Authors: Sameer Masood, Lucas Chartier

Abstract:

Head injuries are a commonly encountered presentation in emergency departments (ED) and the Choosing Wisely Canada (CWC) campaign was released in June 2015 in an attempt to decrease imaging utilization for patients with minor head injuries. The impact of the CWC campaign on imaging utilization for head injuries has not been explored in the ED setting.
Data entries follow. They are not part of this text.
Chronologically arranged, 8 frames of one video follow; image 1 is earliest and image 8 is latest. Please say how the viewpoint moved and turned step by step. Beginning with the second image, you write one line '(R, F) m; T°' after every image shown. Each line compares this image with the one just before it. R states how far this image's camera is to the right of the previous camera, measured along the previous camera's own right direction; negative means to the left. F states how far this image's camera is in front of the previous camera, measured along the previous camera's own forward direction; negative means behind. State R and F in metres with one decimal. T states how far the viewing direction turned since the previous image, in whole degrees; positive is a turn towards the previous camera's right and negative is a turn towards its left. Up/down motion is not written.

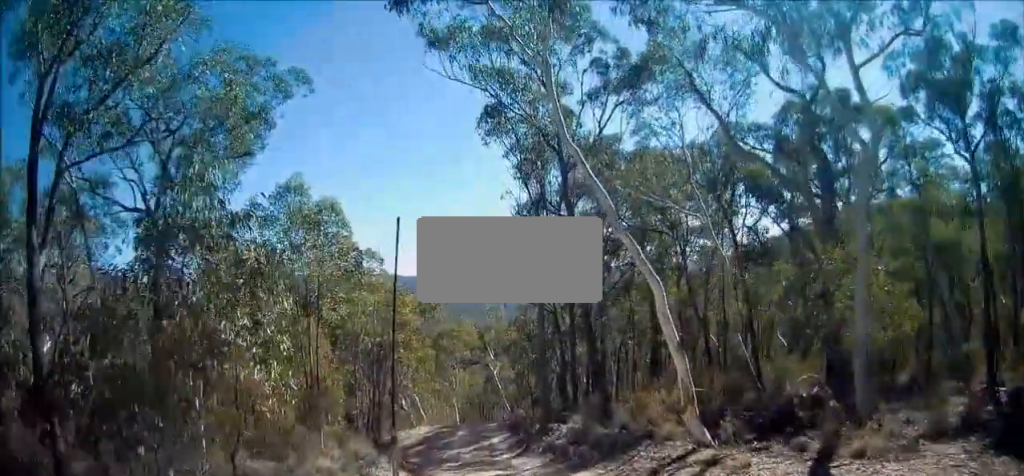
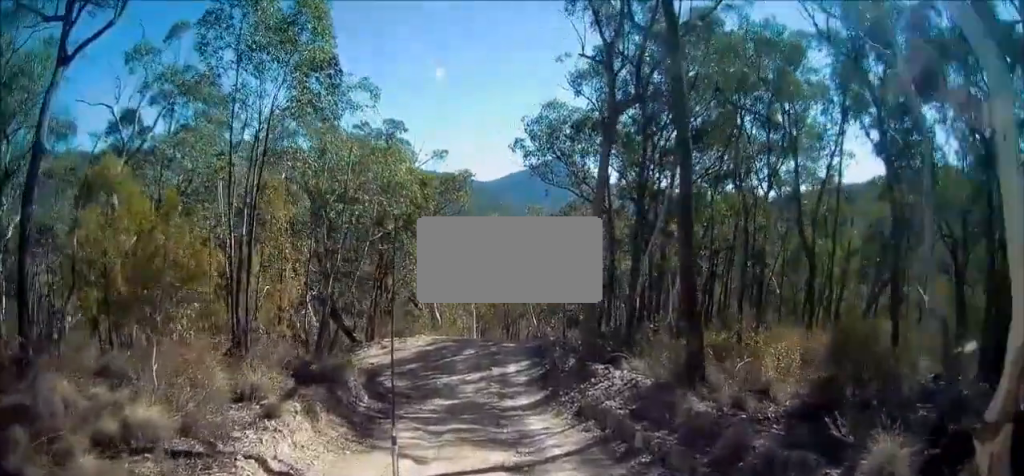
(0.0, +6.3) m; -3°
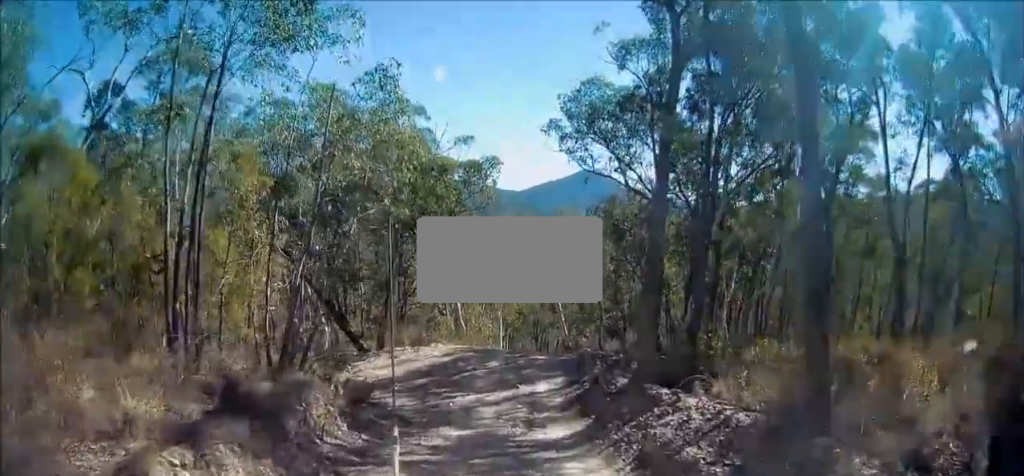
(-0.2, +3.2) m; -3°
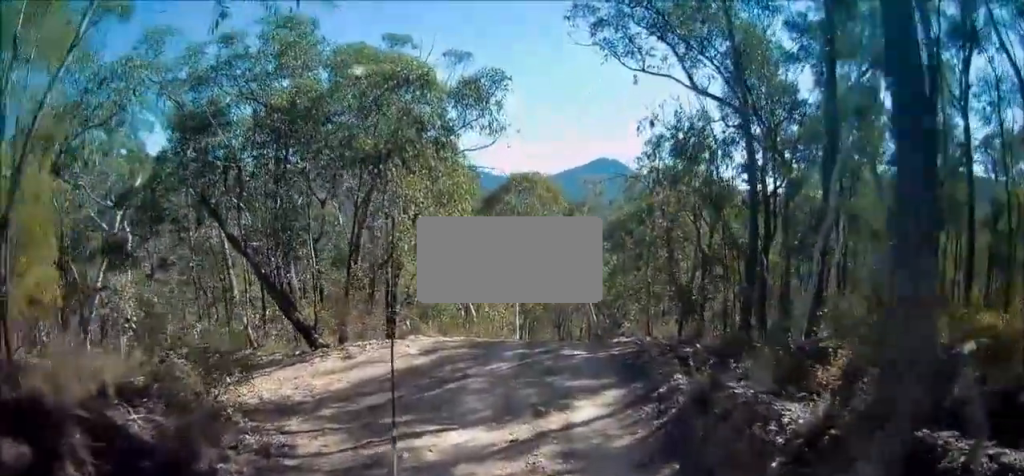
(0.0, +6.2) m; +5°
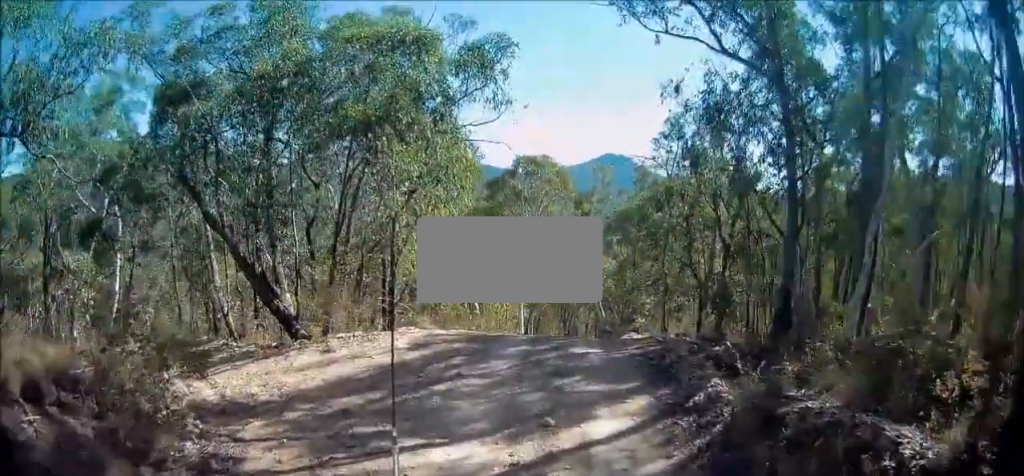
(0.0, +1.5) m; +3°
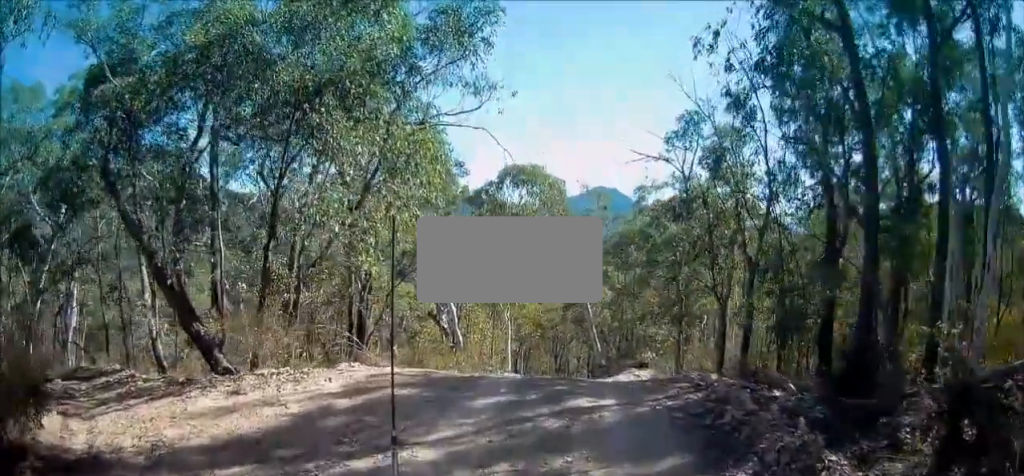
(+0.3, +2.7) m; +5°
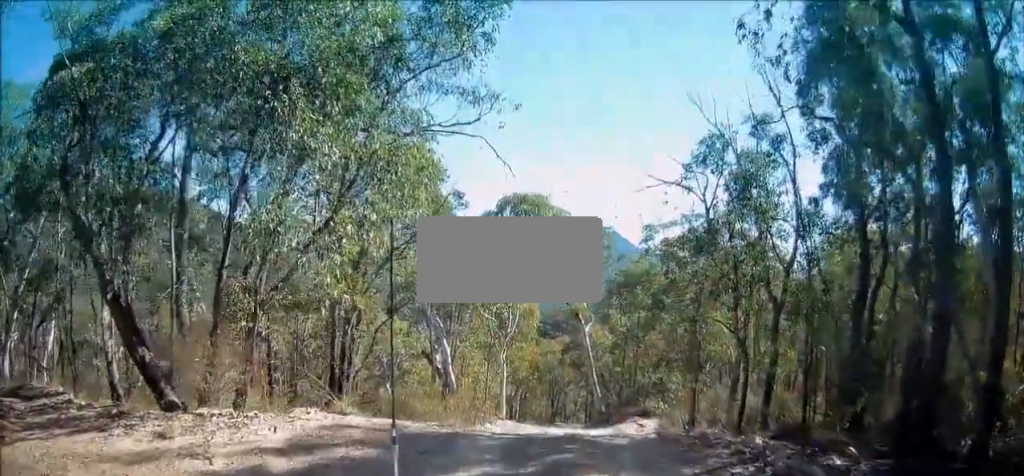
(0.0, +1.5) m; -4°
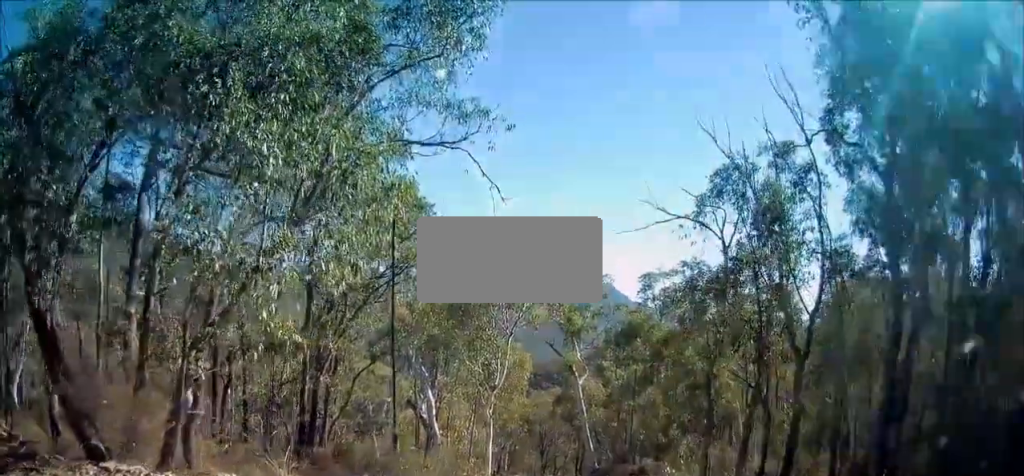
(0.0, +1.6) m; -2°

In our study, we describe the characteristics of patients with head injuries presenting to a tertiary care academic ED and the impact of the CWC campaign on CT head utilization. This retrospective cohort study used linked databases from the province of Ontario, Canada to assess emergency department visits with a primary diagnosis of head injury made between June 1, 2014 and Aug 31, 2016 at the University Health Network in Toronto, Canada. We examined the number of visits during the study period, the proportion of patients that had a CT head performed before and after the release of the CWC campaign, as well as mode of arrival, and disposition. There were 4,322 qualifying visits at our site during the study period. The median presenting age was 44.12 years (IQR 27.83,67.45), the median GCS was 15 (IQR 15,15) and the majority of patients presenting had intermediate acuity (CTAS 3). Overall, 43.17% of patients arrived via ambulance, 49.24 % of patients received a CT head and 10.46% of patients were admitted. Compared to patients presenting before the CWC campaign release, there was no significant difference in the rate of CT heads after the CWC (50.41% vs 47.68%, P = 0.07). There were also no significant differences between the two groups in mode of arrival (ambulance vs ambulatory) (42.94% vs 43.48%, P = 0.72) or admission rates (9.85% vs 11.26%, P = 0.15). However, more patients belonged to the high acuity groups (CTAS 1 or 2) in the post CWC campaign release group (12.98% vs 8.11% P <0.001). Visits for head injuries make up a significant proportion of total ED visits and approximately half of these patients receive CT imaging in the ED. The CWC campaign did not seem to impact imaging utilization for head injuries in the 14 months following its launch. Further efforts, including local quality improvement initiatives, are likely needed to increase adherence to its recommendation and reduce imaging utilization for head injuries.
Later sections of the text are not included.